More responsibility is being placed on directors to protect their companies against the ever increasing security risks, especially considering the changing laws and governance procedures. Fraud is the downfall of many businesses today, but it can be prevented with effective corporate governance policies and tools.
Although there is a huge responsibility on company directors to ensure that governance, risk and compliance policies are implemented, most companies do not have clarity on who manages this critical area of the business.

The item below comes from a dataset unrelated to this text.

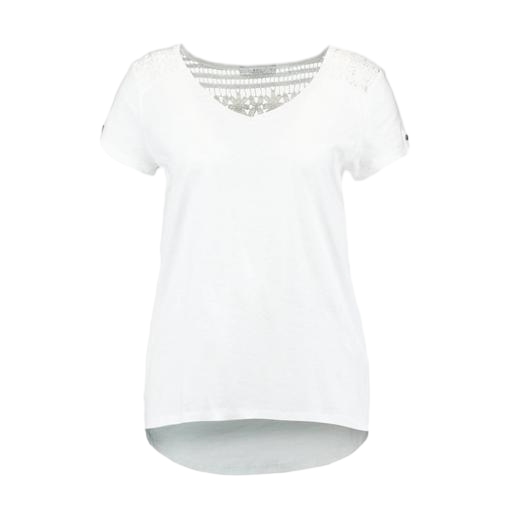
lace-yoke t-shirt, white lace-trim t-shirt, white embellished t-shirt, white background

J2 Software managing director John Mc Loughlin says company directors are forced through these new laws and good governance practices to make sure they have preventative, quantitative and corrective steps in place to protect their organisation from risk. ‚Non compliance can have dire effects which include directors being held personally liable or jailed,‚ he says.‚
He stresses that governance, risk and compliance should be a real priority for company directors, especially considering the liability they face. ‚With changing laws and governance procedures, more duty is placed on directors to protect against ICT governance and security risks.‚ ‚
Directors of companies have a duty to protect their information and also the personal information of their customers. Without clear direction and accountability, these companies can be left exposed to a number of risks. There is no space for any ambiguities: the drive needs to come directly from the highest executive level. In many cases, there is simply not enough done to protect against all possible eventualities.
Pointing to internal threats, Mc Loughlin says companies need to actively track, monitor and control what users do with the resources of the organisation. You also need to ensure that your rules and permissions are simply and proactively enforced. So you have to be able to define and then enforce what files, folders and applications the users can access and use.‚
‚Finally, one needs to control the other areas of risk. These refer specifically to high risk points which are responsible for data loss and will include external, unsecured Internet-based email systems which allow for easy data loss and time wasting. USB devices which can be used for data theft are also are a big threat of virus infections, along with SD cards and CD/DVD devices,‚ he adds.’
These devices may need to be used in specific instances, but it must be controlled and monitored. Companies need to set appropriate policies for these devices which could mean allowing users to read from the devices, but not copy any information to them or run applications from them. This will ensure that one is covered against internal abuse as well as external loss.
Mc Loughlin says many IT administrators and business managers do not have the tools to know what users are doing on the organisation’s computers and on the network. ‚Very little consideration has been given to providing solid management systems to ensure that the investment in technology delivers maximum benefit. In essence, in these tough times it is extremely important that executives take corrective steps and ensure there are preventative measures in place for this.‚ ‚
‚With users being able to access the Internet, send and receive email and browse the local network, often in an unstructured manner, it is more important than ever that employees are monitored and kept productive. It is essential that access to information is managed and users are accountable for their actions,‚ he concludes.